• **PROBLEM TO SOLVE**: Your copy should repeat each record below exactly and contain no images.

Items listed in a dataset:
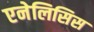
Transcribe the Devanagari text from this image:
एनेलिसिस
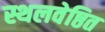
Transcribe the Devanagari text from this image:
स्थलवेष्ठित
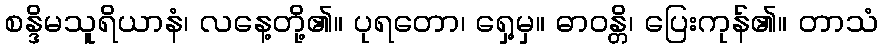
စန္ဒိမသူရိယာနံ၊ လနေ့တို့၏။ ပုရတော၊ ရှေ့မှ။ ဓာဝန္တိ၊ ပြေးကုန်၏။ တာသံ
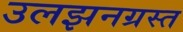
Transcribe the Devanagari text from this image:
उलझनग्रस्त

• **YOUR RESPONSE**:
Transcribe the Devanagari text from this image:
एनेलिसिस
Transcribe the Devanagari text from this image:
स्थलवेष्ठित
စန္ဒိမသူရိယာနံ၊ လနေ့တို့၏။ ပုရတော၊ ရှေ့မှ။ ဓာဝန္တိ၊ ပြေးကုန်၏။ တာသံ
Transcribe the Devanagari text from this image:
उलझनग्रस्त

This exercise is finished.